#### DIRECTIONS FOR THIS TASK
Each line from the opening of the material through the line holding "0.7H22.4C17.101 0.7 13.196" needs to be returned exactly, with the pictures left out.

#### GIVEN DATA

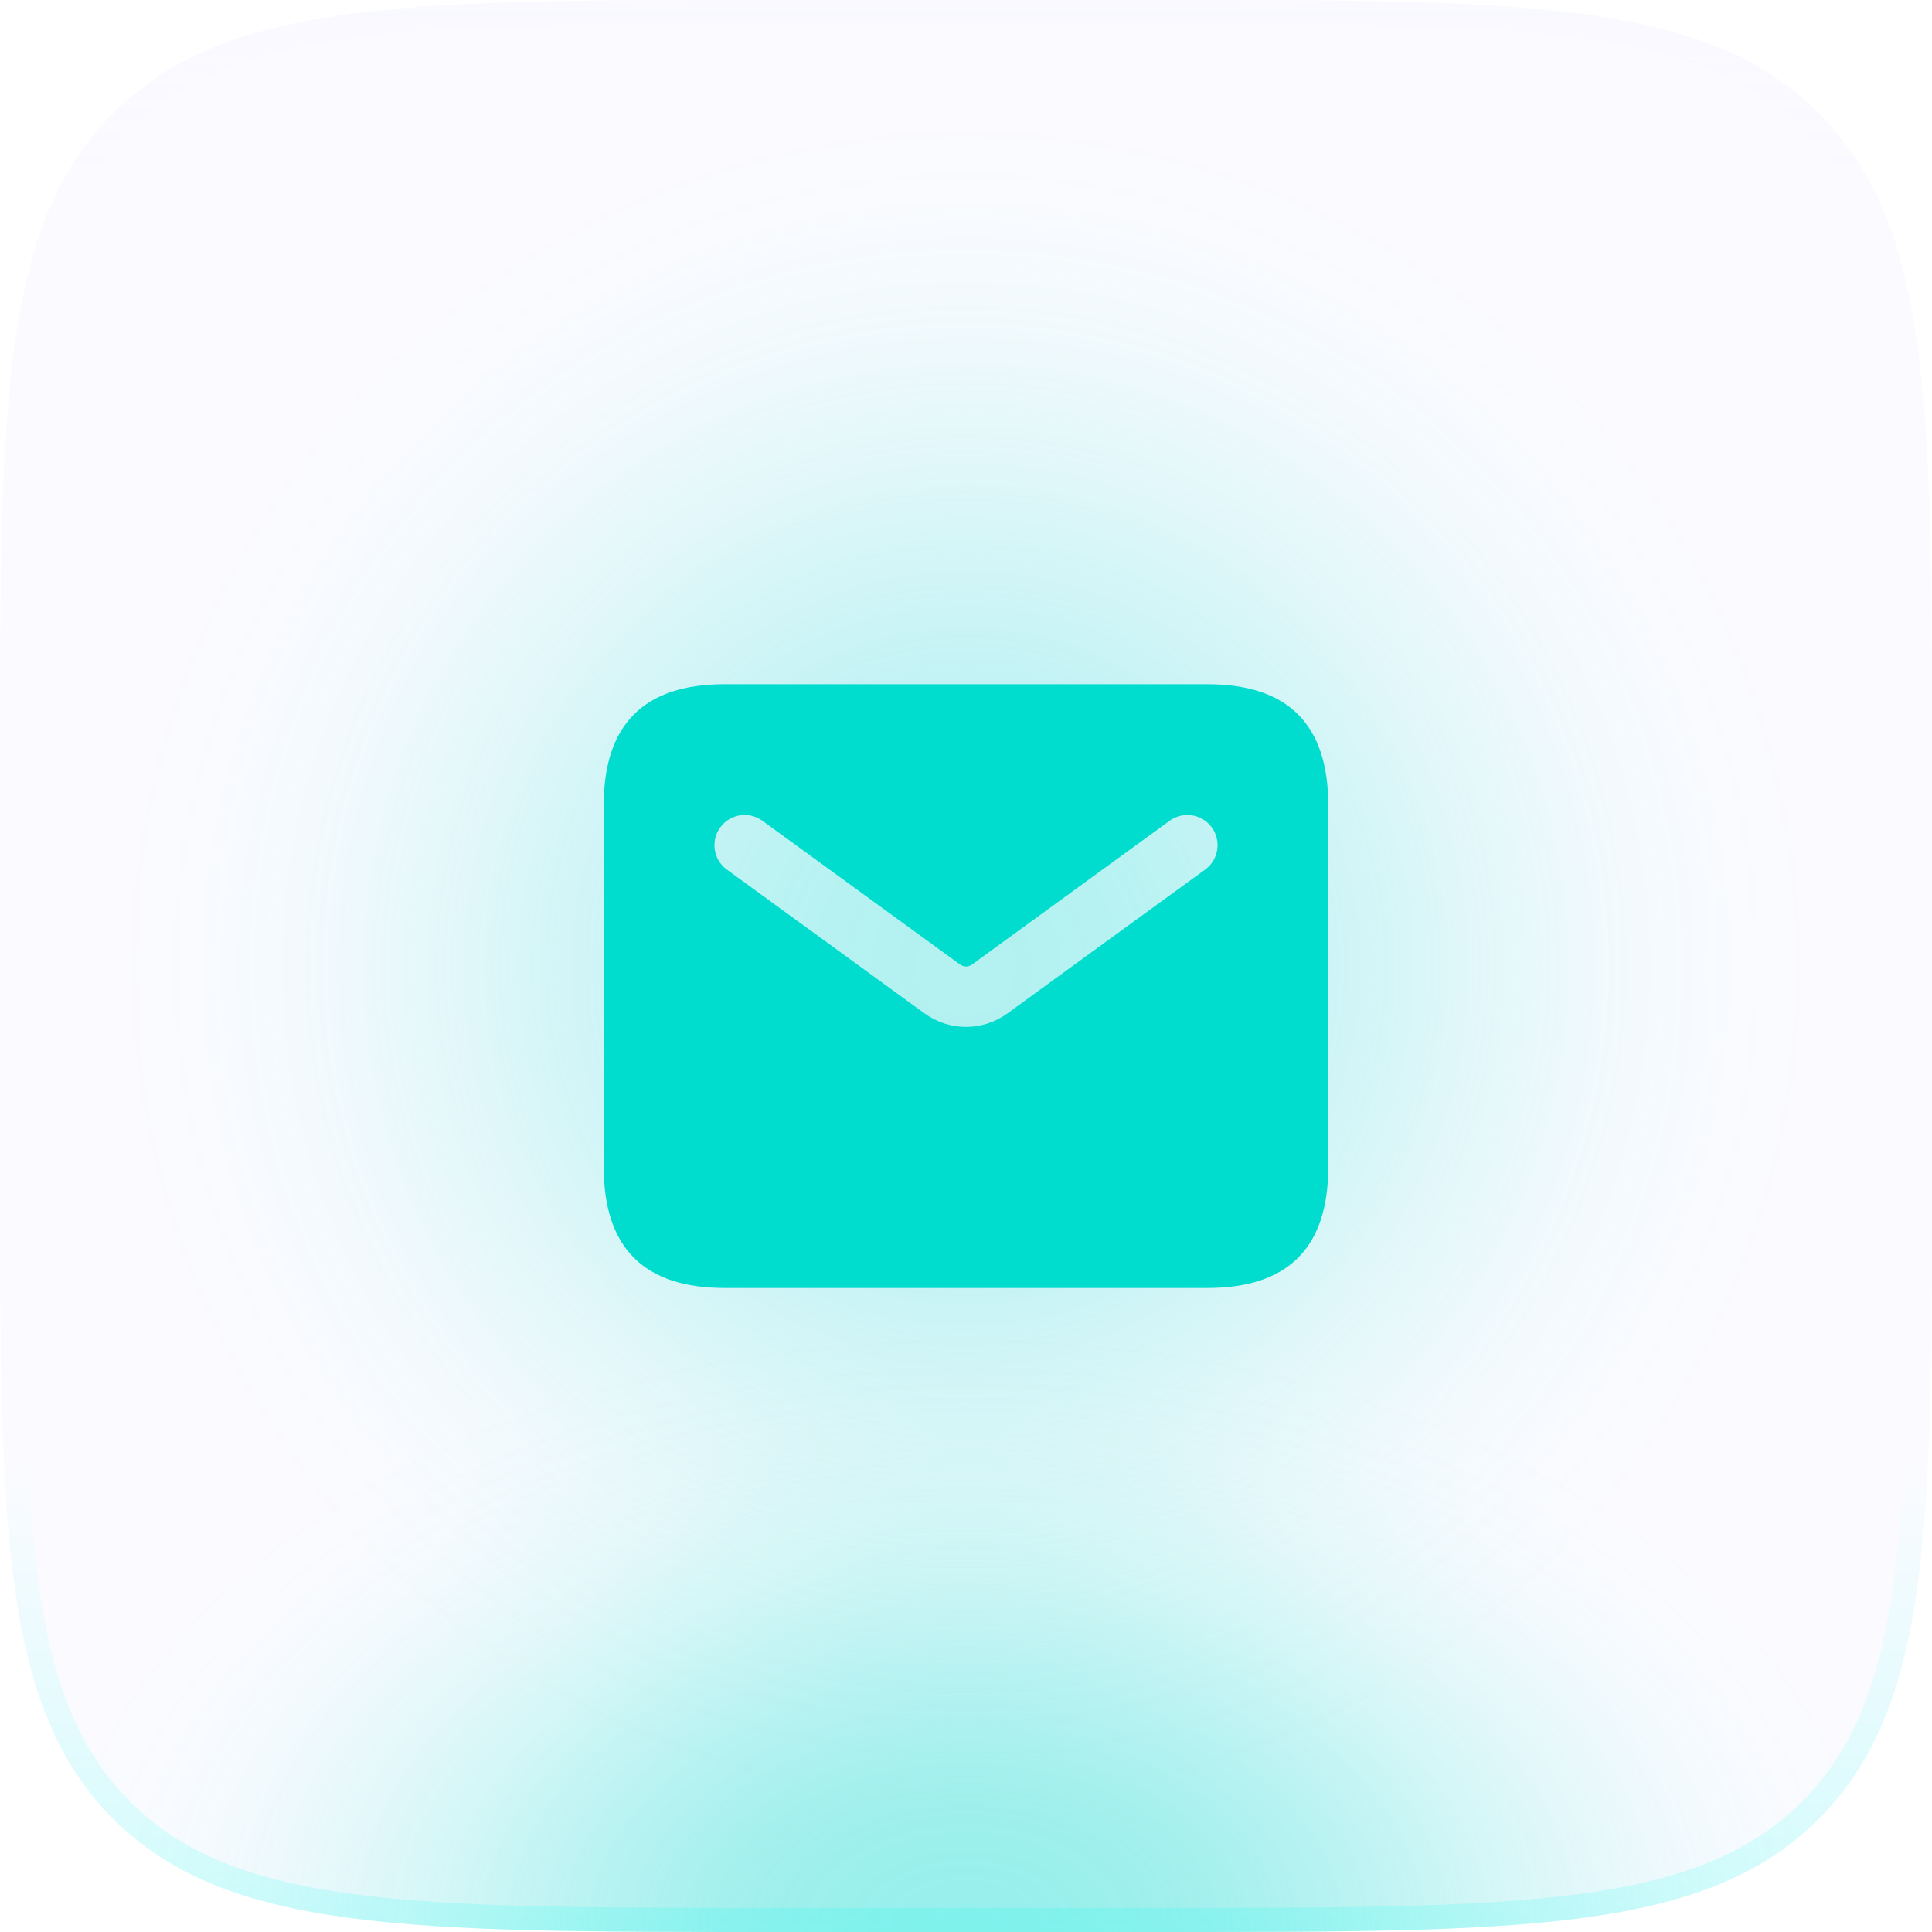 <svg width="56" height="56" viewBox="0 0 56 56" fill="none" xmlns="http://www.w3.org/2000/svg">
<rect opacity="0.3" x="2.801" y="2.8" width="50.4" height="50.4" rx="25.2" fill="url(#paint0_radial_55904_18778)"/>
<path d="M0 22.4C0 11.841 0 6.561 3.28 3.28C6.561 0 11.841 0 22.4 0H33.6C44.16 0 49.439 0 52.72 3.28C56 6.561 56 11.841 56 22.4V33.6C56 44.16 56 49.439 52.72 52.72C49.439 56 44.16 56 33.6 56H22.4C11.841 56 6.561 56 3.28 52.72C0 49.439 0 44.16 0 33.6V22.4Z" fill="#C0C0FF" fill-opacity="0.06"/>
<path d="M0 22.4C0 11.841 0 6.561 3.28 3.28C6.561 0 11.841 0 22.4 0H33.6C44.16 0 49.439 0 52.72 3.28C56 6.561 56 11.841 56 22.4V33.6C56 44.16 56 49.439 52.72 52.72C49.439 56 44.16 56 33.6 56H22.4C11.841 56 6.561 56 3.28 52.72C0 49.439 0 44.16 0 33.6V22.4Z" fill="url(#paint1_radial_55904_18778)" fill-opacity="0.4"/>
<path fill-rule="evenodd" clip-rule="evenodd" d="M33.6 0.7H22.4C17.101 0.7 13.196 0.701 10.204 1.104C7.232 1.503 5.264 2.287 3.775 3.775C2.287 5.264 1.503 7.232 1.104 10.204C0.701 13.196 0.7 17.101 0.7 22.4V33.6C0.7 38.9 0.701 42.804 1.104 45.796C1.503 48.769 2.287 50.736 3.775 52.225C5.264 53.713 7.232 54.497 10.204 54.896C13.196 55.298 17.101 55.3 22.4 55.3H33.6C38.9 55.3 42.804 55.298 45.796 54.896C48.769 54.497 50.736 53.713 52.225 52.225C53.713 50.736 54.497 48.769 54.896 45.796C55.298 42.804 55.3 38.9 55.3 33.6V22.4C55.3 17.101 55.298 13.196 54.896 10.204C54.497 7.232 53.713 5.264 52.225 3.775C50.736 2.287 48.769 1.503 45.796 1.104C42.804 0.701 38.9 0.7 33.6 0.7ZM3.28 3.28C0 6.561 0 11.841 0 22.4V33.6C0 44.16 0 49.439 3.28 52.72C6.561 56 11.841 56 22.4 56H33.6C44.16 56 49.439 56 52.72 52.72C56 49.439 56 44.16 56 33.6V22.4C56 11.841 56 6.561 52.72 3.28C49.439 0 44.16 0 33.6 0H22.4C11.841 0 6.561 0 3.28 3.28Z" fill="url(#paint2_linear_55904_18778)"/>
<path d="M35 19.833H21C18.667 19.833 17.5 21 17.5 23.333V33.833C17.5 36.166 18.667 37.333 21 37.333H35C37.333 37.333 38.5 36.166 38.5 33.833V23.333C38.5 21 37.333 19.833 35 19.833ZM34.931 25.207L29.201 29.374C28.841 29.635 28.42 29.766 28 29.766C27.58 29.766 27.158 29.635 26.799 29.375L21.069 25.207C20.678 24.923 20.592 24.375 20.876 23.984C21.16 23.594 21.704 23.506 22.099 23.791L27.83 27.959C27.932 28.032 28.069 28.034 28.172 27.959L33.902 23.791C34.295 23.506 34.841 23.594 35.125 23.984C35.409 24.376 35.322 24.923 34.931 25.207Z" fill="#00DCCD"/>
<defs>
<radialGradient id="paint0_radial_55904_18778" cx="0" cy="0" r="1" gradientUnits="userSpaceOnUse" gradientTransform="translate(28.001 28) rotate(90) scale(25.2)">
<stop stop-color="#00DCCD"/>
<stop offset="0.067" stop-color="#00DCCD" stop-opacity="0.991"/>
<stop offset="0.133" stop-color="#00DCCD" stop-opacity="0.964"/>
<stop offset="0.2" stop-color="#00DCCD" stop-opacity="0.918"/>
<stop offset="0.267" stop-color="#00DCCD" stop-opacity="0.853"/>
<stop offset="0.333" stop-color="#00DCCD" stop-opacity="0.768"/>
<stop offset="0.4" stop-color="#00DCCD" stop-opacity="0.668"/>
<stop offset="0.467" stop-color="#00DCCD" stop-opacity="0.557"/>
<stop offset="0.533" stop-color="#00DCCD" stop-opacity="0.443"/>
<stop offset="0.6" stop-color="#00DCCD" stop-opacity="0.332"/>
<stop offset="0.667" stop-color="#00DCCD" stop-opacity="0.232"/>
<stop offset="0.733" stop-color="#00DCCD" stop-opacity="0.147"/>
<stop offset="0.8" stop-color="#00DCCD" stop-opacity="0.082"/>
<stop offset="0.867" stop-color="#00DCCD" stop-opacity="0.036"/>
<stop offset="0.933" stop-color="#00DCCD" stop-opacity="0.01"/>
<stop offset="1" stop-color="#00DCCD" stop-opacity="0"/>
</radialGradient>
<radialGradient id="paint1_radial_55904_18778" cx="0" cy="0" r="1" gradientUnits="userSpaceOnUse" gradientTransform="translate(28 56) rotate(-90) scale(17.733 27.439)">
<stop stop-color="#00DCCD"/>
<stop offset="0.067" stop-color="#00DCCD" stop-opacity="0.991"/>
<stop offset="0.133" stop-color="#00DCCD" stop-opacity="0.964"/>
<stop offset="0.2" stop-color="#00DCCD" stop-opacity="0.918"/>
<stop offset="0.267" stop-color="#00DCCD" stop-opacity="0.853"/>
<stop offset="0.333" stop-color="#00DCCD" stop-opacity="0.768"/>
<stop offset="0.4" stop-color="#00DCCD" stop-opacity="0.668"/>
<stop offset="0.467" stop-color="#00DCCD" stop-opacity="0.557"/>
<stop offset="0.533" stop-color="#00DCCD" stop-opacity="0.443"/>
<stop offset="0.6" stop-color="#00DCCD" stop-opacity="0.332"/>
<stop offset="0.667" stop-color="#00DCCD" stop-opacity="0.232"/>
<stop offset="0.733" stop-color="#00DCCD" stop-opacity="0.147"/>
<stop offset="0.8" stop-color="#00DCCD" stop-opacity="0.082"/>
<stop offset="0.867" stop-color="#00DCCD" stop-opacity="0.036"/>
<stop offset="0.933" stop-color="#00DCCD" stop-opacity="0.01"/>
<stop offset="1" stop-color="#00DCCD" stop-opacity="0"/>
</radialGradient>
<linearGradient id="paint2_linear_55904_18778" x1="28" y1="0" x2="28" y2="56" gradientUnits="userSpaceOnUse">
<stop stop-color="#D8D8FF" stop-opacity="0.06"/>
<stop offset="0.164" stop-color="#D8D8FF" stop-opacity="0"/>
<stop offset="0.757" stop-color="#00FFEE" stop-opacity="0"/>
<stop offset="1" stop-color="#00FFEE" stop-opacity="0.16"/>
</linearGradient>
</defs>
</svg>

#### EXERCISE RESULT
 <svg width="56" height="56" viewBox="0 0 56 56" fill="none" xmlns="http://www.w3.org/2000/svg">
<rect opacity="0.3" x="2.801" y="2.8" width="50.4" height="50.4" rx="25.2" fill="url(#paint0_radial_55904_18778)"/>
<path d="M0 22.4C0 11.841 0 6.561 3.28 3.28C6.561 0 11.841 0 22.4 0H33.6C44.16 0 49.439 0 52.72 3.28C56 6.561 56 11.841 56 22.4V33.6C56 44.16 56 49.439 52.72 52.72C49.439 56 44.16 56 33.6 56H22.4C11.841 56 6.561 56 3.28 52.72C0 49.439 0 44.16 0 33.6V22.4Z" fill="#C0C0FF" fill-opacity="0.06"/>
<path d="M0 22.4C0 11.841 0 6.561 3.28 3.28C6.561 0 11.841 0 22.4 0H33.6C44.16 0 49.439 0 52.72 3.28C56 6.561 56 11.841 56 22.4V33.6C56 44.16 56 49.439 52.72 52.72C49.439 56 44.16 56 33.6 56H22.4C11.841 56 6.561 56 3.28 52.72C0 49.439 0 44.16 0 33.6V22.4Z" fill="url(#paint1_radial_55904_18778)" fill-opacity="0.4"/>
<path fill-rule="evenodd" clip-rule="evenodd" d="M33.6 0.7H22.4C17.101 0.7 13.196 0.701 10.204 1.104C7.232 1.503 5.264 2.287 3.775 3.775C2.287 5.264 1.503 7.232 1.104 10.204C0.701 13.196 0.7 17.101 0.7 22.4V33.6C0.7 38.9 0.701 42.804 1.104 45.796C1.503 48.769 2.287 50.736 3.775 52.225C5.264 53.713 7.232 54.497 10.204 54.896C13.196 55.298 17.101 55.3 22.4 55.3H33.6C38.9 55.3 42.804 55.298 45.796 54.896C48.769 54.497 50.736 53.713 52.225 52.225C53.713 50.736 54.497 48.769 54.896 45.796C55.298 42.804 55.3 38.9 55.3 33.6V22.4C55.3 17.101 55.298 13.196 54.896 10.204C54.497 7.232 53.713 5.264 52.225 3.775C50.736 2.287 48.769 1.503 45.796 1.104C42.804 0.701 38.9 0.7 33.6 0.7ZM3.28 3.28C0 6.561 0 11.841 0 22.4V33.6C0 44.16 0 49.439 3.28 52.72C6.561 56 11.841 56 22.4 56H33.6C44.16 56 49.439 56 52.72 52.72C56 49.439 56 44.16 56 33.6V22.4C56 11.841 56 6.561 52.72 3.28C49.439 0 44.16 0 33.6 0H22.4C11.841 0 6.561 0 3.28 3.28Z" fill="url(#paint2_linear_55904_18778)"/>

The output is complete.